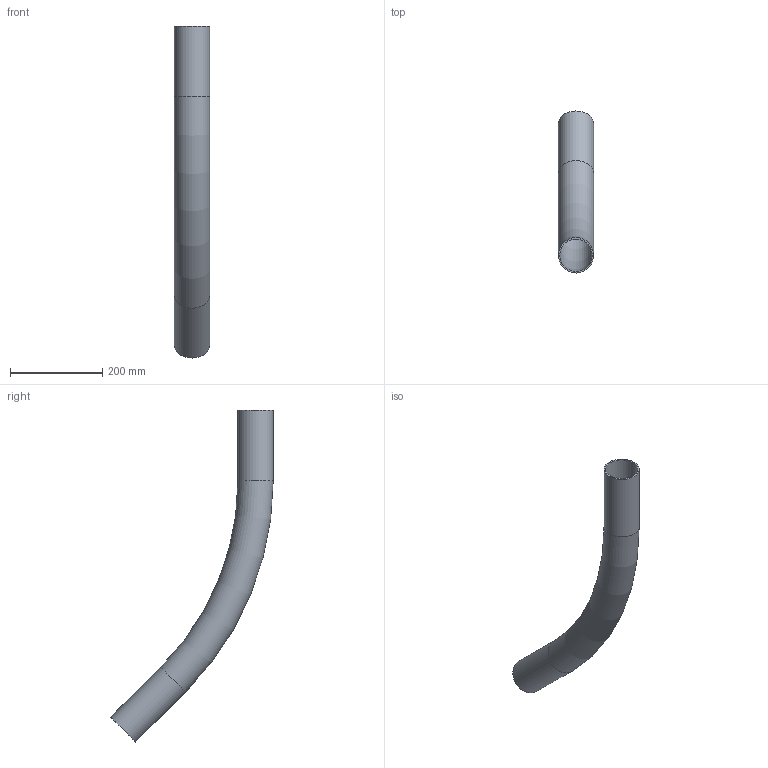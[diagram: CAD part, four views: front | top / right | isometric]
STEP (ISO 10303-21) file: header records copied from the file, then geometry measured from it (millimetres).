
FILE_DESCRIPTION(/* description */ (''),/* implementation_level */ '2;1');
FILE_NAME(/* name */ 'TB11GA32445.stp',/* time_stamp */ '2023-11-22T10:53:25-05:00',/* author */ ('Admin'),/* organization */ (''),/* preprocessor_version */ 'ST-DEVELOPER v19',/* originating_system */ 'Autodesk Inventor 2023',/* authorisation */ '');
FILE_SCHEMA (('AUTOMOTIVE_DESIGN { 1 0 10303 214 3 1 1 }'));
Length unit declared in the file: inch
Products named in the file (1): TB11GA32445
Bounding box: 76.2 x 351.35 x 718.16 mm (x, y, z)
Volume: 548875.3 mm3; surface area: 361555.3 mm2
Topology: 1 solids, 1 shells, 8 faces, 18 edges, 12 vertices
Faces by surface type: cylinder 4, torus 2, plane 2
Full cylindrical faces by diameter (mm): 70.104 x2, 76.2 x2
Entity records: 283 total; most frequent: DIRECTION 50, CARTESIAN_POINT 39, ORIENTED_EDGE 36, AXIS2_PLACEMENT_3D 23, EDGE_CURVE 18, CIRCLE 14, VERTEX_POINT 12, EDGE_LOOP 10

^^^^

# [TASK PROMPT]
Repeat the material above in full and unchanged, minus its images.

# [EXERCISE OUTPUT]
[diagram: CAD part, four views: front | top / right | isometric]
STEP (ISO 10303-21) file: header records copied from the file, then geometry measured from it (millimetres).
FILE_DESCRIPTION(/* description */ (''),/* implementation_level */ '2;1');
FILE_NAME(/* name */ 'TB11GA32445.stp',/* time_stamp */ '2023-11-22T10:53:25-05:00',/* author */ ('Admin'),/* organization */ (''),/* preprocessor_version */ 'ST-DEVELOPER v19',/* originating_system */ 'Autodesk Inventor 2023',/* authorisation */ '');
FILE_SCHEMA (('AUTOMOTIVE_DESIGN { 1 0 10303 214 3 1 1 }'));
Length unit declared in the file: inch
Products named in the file (1): TB11GA32445
Bounding box: 76.2 x 351.35 x 718.16 mm (x, y, z)
Volume: 548875.3 mm3; surface area: 361555.3 mm2
Topology: 1 solids, 1 shells, 8 faces, 18 edges, 12 vertices
Faces by surface type: cylinder 4, torus 2, plane 2
Full cylindrical faces by diameter (mm): 70.104 x2, 76.2 x2
Entity records: 283 total; most frequent: DIRECTION 50, CARTESIAN_POINT 39, ORIENTED_EDGE 36, AXIS2_PLACEMENT_3D 23, EDGE_CURVE 18, CIRCLE 14, VERTEX_POINT 12, EDGE_LOOP 10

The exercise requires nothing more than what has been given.